| Contributors | Affiliation | Role |
|---|---|---|
| Gaylord, Brian | University of California-Davis (UC Davis-BML) | Co-Principal Investigator |
| Hill, Tessa M. | University of California-Davis (UC Davis-BML) | Co-Principal Investigator |
| Russell, Ann D. | University of California-Davis (UC Davis) | Co-Principal Investigator |
| Sanford, Eric | University of California-Davis (UC Davis-BML) | Co-Principal Investigator |
| Rauch, Shannon | Woods Hole Oceanographic Institution (WHOI BCO-DMO) | BCO-DMO Data Manager |
Near-surface pH time series at BML mooring, offshore of Bodega Marine Laboratory, central California coast.
Dataset was updated on 21 October 2013 with data from 2012.
Dataset was updated on 31 March 2015 with data from 2013 and 2014.
(Note: This dataset was supported by funding to both the BOAR and OMEGAS projects.)
01 Jan 2011 to 22 Feb 2011:
Time series collected continuously at a depth of ~1m below surface. Instrumentation includes Sunburst SAMI-pH, Durafet SeaFET, and Durafet SeapHOx. In some cases records from multiple instruments overlap in time. Quality control is still underway; accuracy and precision are yet to be verified.
25 May 2011 to 30 June 2011:
Hourly pH data from 5/25/2011 to 6/30/2011 using near-surface (~1 m) Sunburst Sensors SAMI pH. QA/QC not performed, these are raw data. Date stamp displayed in data has been corrected due to a glitch between SAMI and Excel.

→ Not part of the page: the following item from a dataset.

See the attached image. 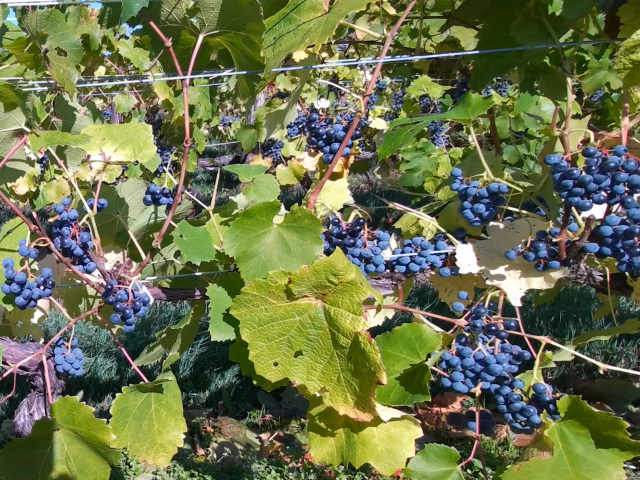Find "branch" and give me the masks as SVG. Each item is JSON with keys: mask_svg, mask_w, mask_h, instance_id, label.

13 April 2012 to 18 Nov 2012:
Hourly pH data from 4/13/2012 to 11/18/2012 using Sunburst Sensors SAMI pH (spectrophotometric) instruments and a SeapHox (FET) instrument, as well as temperature data from both sensor types.
08 May 2013 to 26 Nov 2013:
Hourly pH data from 06/11/2013 to 09/23/2013 using SepHOx sensor, and from 10/22/2013 to 11/26/2013 using the SAMI80 sensor.

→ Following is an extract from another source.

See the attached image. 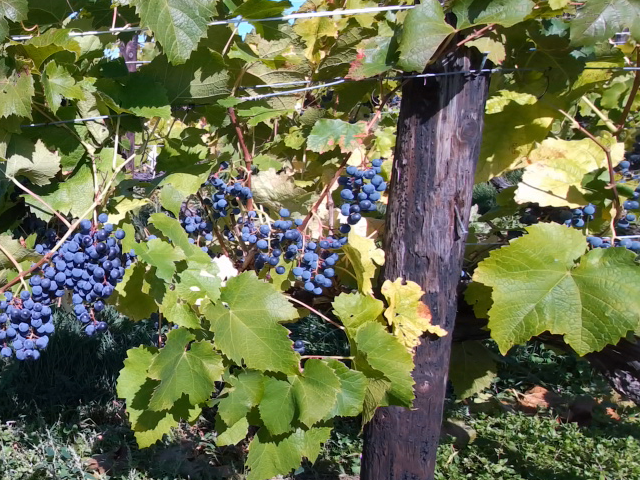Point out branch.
I'll use <instances>...</instances> for the list:
<instances>
[{"label":"branch","instance_id":"obj_7","mask_svg":"<svg viewBox=\"0 0 640 480\" xmlns=\"http://www.w3.org/2000/svg\"><path fill=\"white\" fill-rule=\"evenodd\" d=\"M250 66H251V63H250V62H247V63L243 66V68H242V70H241V72H240V74H239L238 78H237V79H236V81H235V84L233 85V87H232V88H231V90H230V95H231V96H234V95H235V93H236V91H237L238 87L240 86L241 82L243 81V79H244V77H245V74L247 73V70L249 69V67H250Z\"/></svg>","mask_w":640,"mask_h":480},{"label":"branch","instance_id":"obj_6","mask_svg":"<svg viewBox=\"0 0 640 480\" xmlns=\"http://www.w3.org/2000/svg\"><path fill=\"white\" fill-rule=\"evenodd\" d=\"M407 84H408V81L407 80H403V81L399 82L396 86H394L385 95L382 96V98L380 99V102L378 103V107L376 109V112H375L373 118L368 123V127L369 128H372L374 126V124L376 123V121L378 120L379 116L381 115V112H382L383 106L385 105L386 100L388 98H390L391 96H393L400 88L404 87Z\"/></svg>","mask_w":640,"mask_h":480},{"label":"branch","instance_id":"obj_1","mask_svg":"<svg viewBox=\"0 0 640 480\" xmlns=\"http://www.w3.org/2000/svg\"><path fill=\"white\" fill-rule=\"evenodd\" d=\"M138 155L137 151H133L131 155L127 156L117 167V169L114 171V173L110 176L107 184L105 185L104 189L101 191V193L99 194V196L95 199V201L91 204V206L81 215L79 216L74 222L73 224L70 226V228L65 232L63 238L58 241L54 247H52L47 254L45 255V257L39 261L37 264H34L33 266L29 267L26 271H23L21 273H19L18 275H16L12 281L8 282L7 284L3 285L2 287H0V293H3L4 291L8 290L9 288L15 286L19 280H21L22 278L31 275L32 272H34L35 270L39 269L41 266H43L44 264H46L48 262V260L50 259V257L58 251V248L61 247L62 245H64L67 240L69 239L70 235L73 233V231L77 228V226L80 224V222L84 221L86 219V217H88L90 215V213H92L95 208L97 207V205L101 202V200L104 198V196L109 192V189L111 188V185L113 184L114 180L117 178V176L121 173L122 169L129 163V161H132L134 158H136Z\"/></svg>","mask_w":640,"mask_h":480},{"label":"branch","instance_id":"obj_4","mask_svg":"<svg viewBox=\"0 0 640 480\" xmlns=\"http://www.w3.org/2000/svg\"><path fill=\"white\" fill-rule=\"evenodd\" d=\"M496 23L495 22H490L488 23L486 26L480 28V29H476L475 31H473L472 33L468 34L467 36H465L462 40H459L457 42H455L452 46H450L447 49H444L440 54H439V58L443 59L447 54L453 52L454 50H456L458 47L465 45L469 40H471L472 38H475L477 35L482 34L484 32H487L488 30H490L491 28L495 27Z\"/></svg>","mask_w":640,"mask_h":480},{"label":"branch","instance_id":"obj_2","mask_svg":"<svg viewBox=\"0 0 640 480\" xmlns=\"http://www.w3.org/2000/svg\"><path fill=\"white\" fill-rule=\"evenodd\" d=\"M557 112L565 119L568 121V123L574 128L577 129L579 132L583 133L584 135H586L597 147H599L601 150L605 151V159L607 162V167L609 170V184H610V189H611V193L612 196L614 198V201L616 203V213H615V217H614V224L618 225L619 224V220L622 218V204L620 201V198L618 196L617 190H616V186H615V181H614V168H613V164H612V151L605 146L603 143H601L595 136L592 135V133L587 130L586 128L582 127L580 124H577L575 122L574 119H572L571 116H569L562 108H558Z\"/></svg>","mask_w":640,"mask_h":480},{"label":"branch","instance_id":"obj_5","mask_svg":"<svg viewBox=\"0 0 640 480\" xmlns=\"http://www.w3.org/2000/svg\"><path fill=\"white\" fill-rule=\"evenodd\" d=\"M229 117H230L231 122L233 123L236 131H237V135H238V138L240 140V148H241L242 152L244 153L245 157H247L246 170L250 171L251 170V155L249 154V151L246 148L245 138H244V135L242 133L241 126H240L238 120L235 117L234 108L233 107L229 108Z\"/></svg>","mask_w":640,"mask_h":480},{"label":"branch","instance_id":"obj_3","mask_svg":"<svg viewBox=\"0 0 640 480\" xmlns=\"http://www.w3.org/2000/svg\"><path fill=\"white\" fill-rule=\"evenodd\" d=\"M352 157H353V153H352V152H349L348 154H346V155H344V156H343V158H342V160H341V162H340V164H339V167H338V169H337V172H336V174H335V175L330 179V182L327 184V188H326L325 192L323 193V195L321 196V198H320L319 200H317V201L313 204V206L309 209V211H308V212L306 213V215L304 216V218H303V224L299 227V230H300V231H304V230H305V229H304L305 223H306L307 219H309V217H310V215L312 214V212H315V211H316V209H317L320 205H322V204L325 202V200L328 198L329 194L331 193L332 187L334 186V183H335V182L340 178V176H341V174H342V172H343V169H344V167H345V165H346V162H347L350 158H352Z\"/></svg>","mask_w":640,"mask_h":480}]
</instances>

08 Jan 2014 to 31 Dec 2014:
Hourly pH data from 01/08/2014 to 12/31/2014 using SepHOx sensor, and from 01/30/2014 to 03/19/2014 using the SAMI80 sensor.

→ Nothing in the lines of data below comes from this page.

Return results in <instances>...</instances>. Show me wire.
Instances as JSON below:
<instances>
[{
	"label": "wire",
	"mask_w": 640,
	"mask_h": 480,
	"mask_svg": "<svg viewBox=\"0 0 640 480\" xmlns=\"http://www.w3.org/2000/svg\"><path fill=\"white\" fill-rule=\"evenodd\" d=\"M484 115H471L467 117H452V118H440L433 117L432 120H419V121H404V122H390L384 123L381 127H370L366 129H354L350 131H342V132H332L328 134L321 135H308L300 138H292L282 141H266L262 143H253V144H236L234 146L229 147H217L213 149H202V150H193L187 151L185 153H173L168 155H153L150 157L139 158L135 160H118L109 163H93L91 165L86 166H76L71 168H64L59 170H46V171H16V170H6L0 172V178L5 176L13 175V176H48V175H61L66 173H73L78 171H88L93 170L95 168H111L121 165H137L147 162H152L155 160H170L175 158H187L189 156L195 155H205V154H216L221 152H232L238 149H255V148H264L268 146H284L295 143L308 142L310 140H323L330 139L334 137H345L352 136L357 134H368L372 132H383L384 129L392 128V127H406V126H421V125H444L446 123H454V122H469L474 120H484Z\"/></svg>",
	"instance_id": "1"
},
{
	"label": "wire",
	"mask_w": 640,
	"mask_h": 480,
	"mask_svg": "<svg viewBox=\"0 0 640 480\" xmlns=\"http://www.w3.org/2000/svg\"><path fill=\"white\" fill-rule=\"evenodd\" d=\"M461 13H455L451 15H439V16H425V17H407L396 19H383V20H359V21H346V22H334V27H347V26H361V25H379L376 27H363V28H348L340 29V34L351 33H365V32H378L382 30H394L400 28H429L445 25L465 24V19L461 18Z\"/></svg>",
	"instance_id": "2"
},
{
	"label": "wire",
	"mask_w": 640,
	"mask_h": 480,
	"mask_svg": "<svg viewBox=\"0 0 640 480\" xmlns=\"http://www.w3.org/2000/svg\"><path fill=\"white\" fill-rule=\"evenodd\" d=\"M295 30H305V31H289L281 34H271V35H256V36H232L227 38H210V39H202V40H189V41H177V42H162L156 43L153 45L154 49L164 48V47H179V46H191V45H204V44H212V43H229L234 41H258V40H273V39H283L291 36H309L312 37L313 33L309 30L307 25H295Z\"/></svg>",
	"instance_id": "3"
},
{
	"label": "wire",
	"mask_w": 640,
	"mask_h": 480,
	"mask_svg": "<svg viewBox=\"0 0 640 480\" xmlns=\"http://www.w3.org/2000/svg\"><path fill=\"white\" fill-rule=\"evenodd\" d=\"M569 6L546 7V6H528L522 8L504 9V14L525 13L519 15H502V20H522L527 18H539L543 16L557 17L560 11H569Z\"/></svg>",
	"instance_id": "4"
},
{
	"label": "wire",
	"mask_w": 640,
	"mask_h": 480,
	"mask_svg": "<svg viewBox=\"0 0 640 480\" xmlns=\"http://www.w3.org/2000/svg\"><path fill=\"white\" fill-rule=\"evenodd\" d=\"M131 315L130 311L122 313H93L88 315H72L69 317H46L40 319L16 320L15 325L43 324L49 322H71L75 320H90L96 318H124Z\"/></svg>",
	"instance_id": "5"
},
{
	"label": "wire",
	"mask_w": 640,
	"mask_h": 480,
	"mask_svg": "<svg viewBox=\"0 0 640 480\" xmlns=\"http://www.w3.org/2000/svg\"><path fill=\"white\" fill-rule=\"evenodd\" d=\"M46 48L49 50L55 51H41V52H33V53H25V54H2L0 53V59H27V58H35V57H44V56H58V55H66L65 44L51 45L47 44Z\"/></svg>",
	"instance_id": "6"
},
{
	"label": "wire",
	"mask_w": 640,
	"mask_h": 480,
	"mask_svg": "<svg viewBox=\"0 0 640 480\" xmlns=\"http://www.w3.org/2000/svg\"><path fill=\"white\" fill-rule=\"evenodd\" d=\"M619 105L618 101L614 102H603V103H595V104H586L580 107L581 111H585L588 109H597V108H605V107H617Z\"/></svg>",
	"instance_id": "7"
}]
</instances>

QA/QC not performed. These are raw data. Data originally submitted to BCO-DMO as Excel files, "BML_moor_pH_Jan_1_2011-Feb_22_2011.xls" contributed by Brian Gaylord and "SAMI_pH_for_BCO_DMO.xlsx", "pH_2012_for_BCODMO.xlsx", "2013_BML_data_for_BCODMO.xlsx", and "2014_BML_data_for_BCODMO.xlsx" contributed by Tessa Hill.
Data notes:
bottle data provided here were analyzed on a SAMI pH, corrected for any offsets utilizing Dickson Standard.
2013 Data:
(1) before 6/11/2013 6:00:01 AM seapHOx was not working correctly, data questionable, EXT-INT very unstable.
(2) before 9/12/2013 9:00:00 PM and after 9/23/2013 8:00:00 PM seapHOx was not working correctly, data questionable, EXT-INT very unstable, also small gap inbetween removed.
(3) seaphox sent back to martz lab 10/15/2013, The controller board was a very old version and the durafet and ISE were both three years old.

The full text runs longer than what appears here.